Task instructions: Look through the material below and copy exactly the lines from the line with "0.00 to 0.96" to the line with "Are there any", those two lines included.

Data shown:
==================================================

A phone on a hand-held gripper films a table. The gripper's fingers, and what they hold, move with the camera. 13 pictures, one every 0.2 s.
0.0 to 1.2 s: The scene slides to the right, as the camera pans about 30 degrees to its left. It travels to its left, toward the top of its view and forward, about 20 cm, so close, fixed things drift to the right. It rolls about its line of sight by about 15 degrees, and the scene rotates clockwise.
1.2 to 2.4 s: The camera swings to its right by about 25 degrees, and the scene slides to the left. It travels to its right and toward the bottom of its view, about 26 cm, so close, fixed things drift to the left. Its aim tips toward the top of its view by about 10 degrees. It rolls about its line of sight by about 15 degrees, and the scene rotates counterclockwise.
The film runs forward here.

==================================================

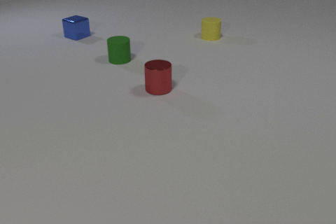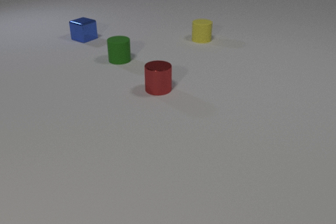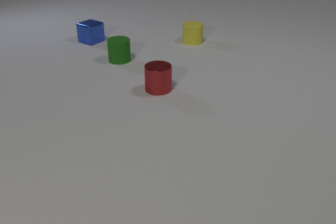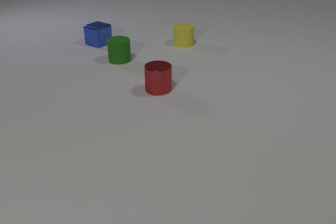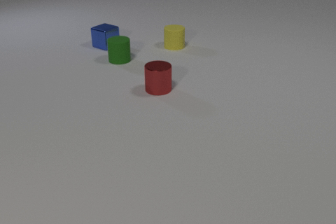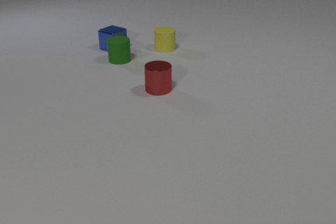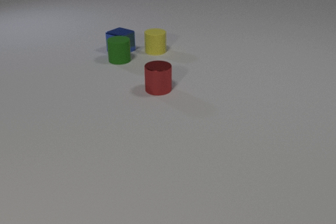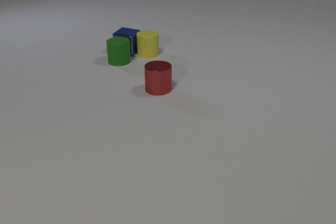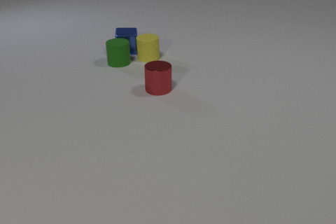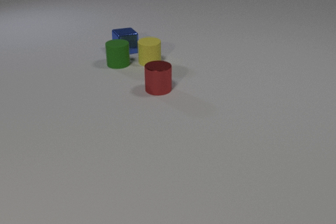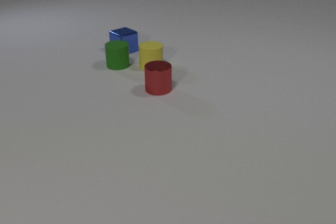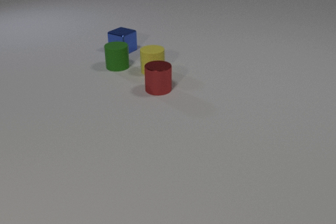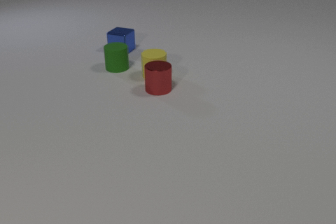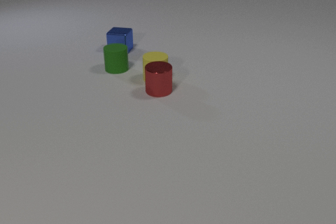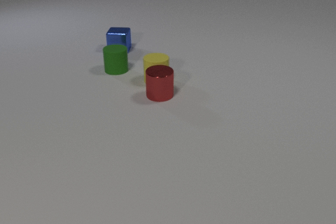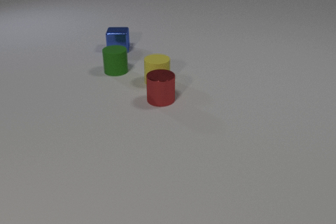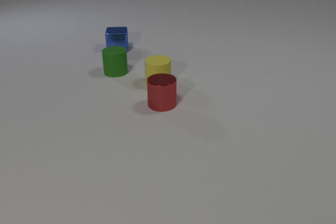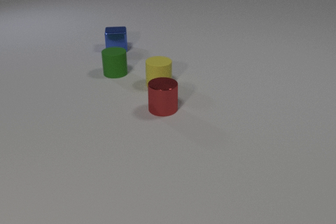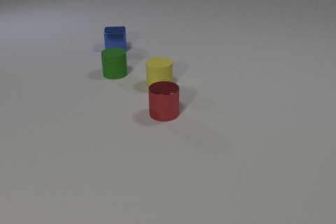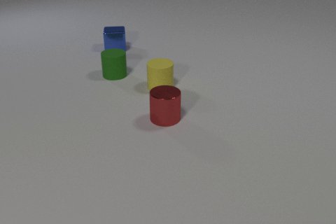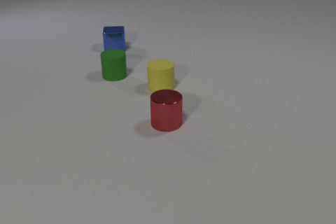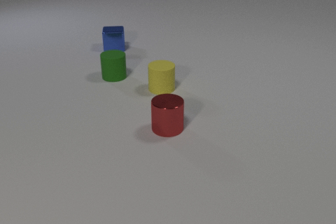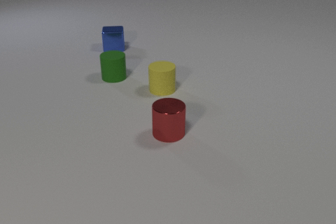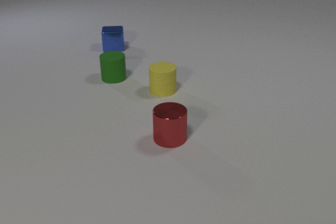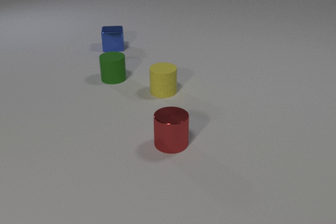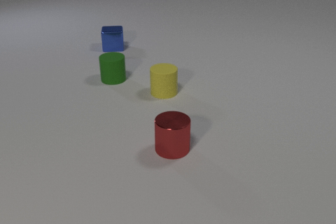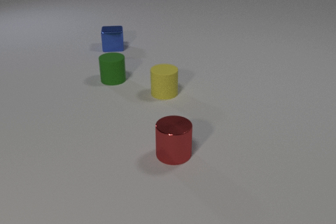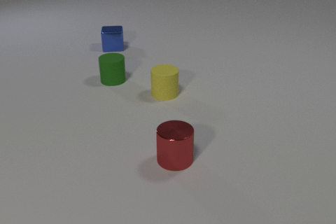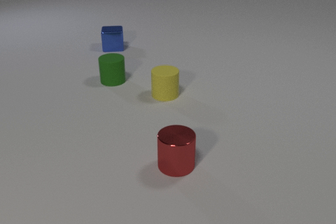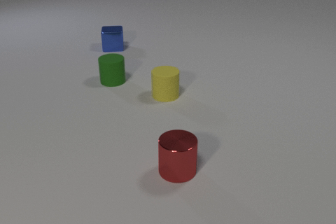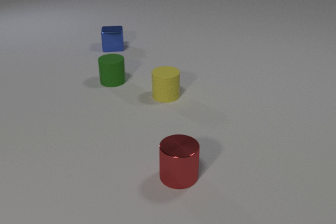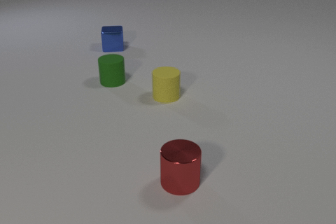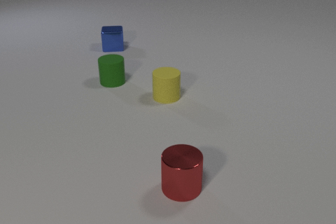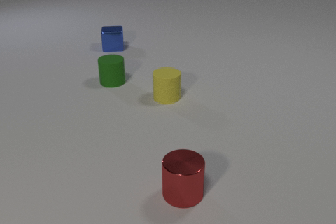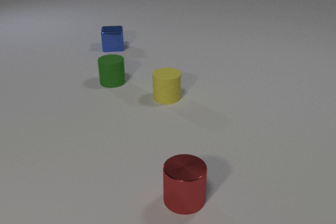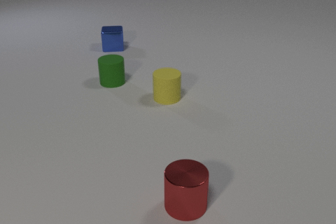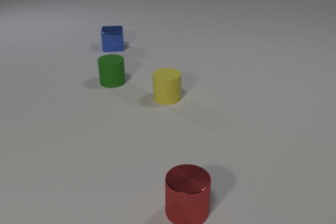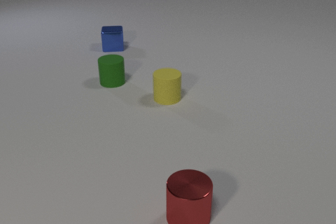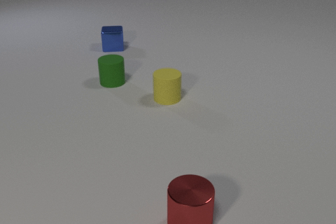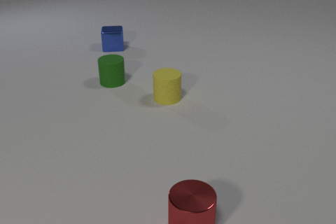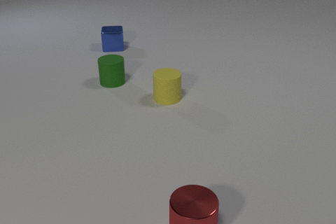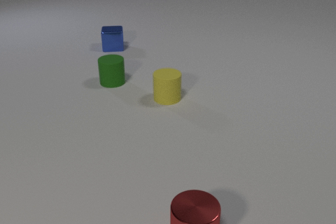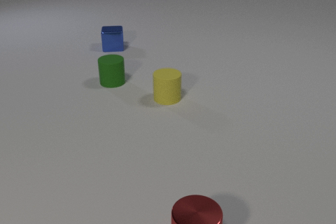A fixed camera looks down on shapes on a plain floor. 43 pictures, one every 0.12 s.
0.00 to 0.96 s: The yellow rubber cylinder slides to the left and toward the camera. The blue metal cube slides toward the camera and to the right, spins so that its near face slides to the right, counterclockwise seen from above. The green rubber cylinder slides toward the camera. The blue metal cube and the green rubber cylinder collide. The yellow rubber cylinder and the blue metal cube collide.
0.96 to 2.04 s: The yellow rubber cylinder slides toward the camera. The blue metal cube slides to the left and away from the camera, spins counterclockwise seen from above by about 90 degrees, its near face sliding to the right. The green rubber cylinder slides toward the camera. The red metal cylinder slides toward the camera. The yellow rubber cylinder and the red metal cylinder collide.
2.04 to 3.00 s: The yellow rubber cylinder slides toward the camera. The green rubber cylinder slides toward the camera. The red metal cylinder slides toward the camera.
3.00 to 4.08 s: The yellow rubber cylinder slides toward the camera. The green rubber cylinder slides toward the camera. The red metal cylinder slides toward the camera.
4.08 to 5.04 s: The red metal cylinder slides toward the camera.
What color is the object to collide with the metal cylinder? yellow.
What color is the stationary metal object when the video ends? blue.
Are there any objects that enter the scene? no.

==================================================

Result of the task:
0.00 to 0.96 s: The yellow rubber cylinder slides to the left and toward the camera. The blue metal cube slides toward the camera and to the right, spins so that its near face slides to the right, counterclockwise seen from above. The green rubber cylinder slides toward the camera. The blue metal cube and the green rubber cylinder collide. The yellow rubber cylinder and the blue metal cube collide.
0.96 to 2.04 s: The yellow rubber cylinder slides toward the camera. The blue metal cube slides to the left and away from the camera, spins counterclockwise seen from above by about 90 degrees, its near face sliding to the right. The green rubber cylinder slides toward the camera. The red metal cylinder slides toward the camera. The yellow rubber cylinder and the red metal cylinder collide.
2.04 to 3.00 s: The yellow rubber cylinder slides toward the camera. The green rubber cylinder slides toward the camera. The red metal cylinder slides toward the camera.
3.00 to 4.08 s: The yellow rubber cylinder slides toward the camera. The green rubber cylinder slides toward the camera. The red metal cylinder slides toward the camera.
4.08 to 5.04 s: The red metal cylinder slides toward the camera.
What color is the object to collide with the metal cylinder? yellow.
What color is the stationary metal object when the video ends? blue.
Are there any objects that enter the scene? no.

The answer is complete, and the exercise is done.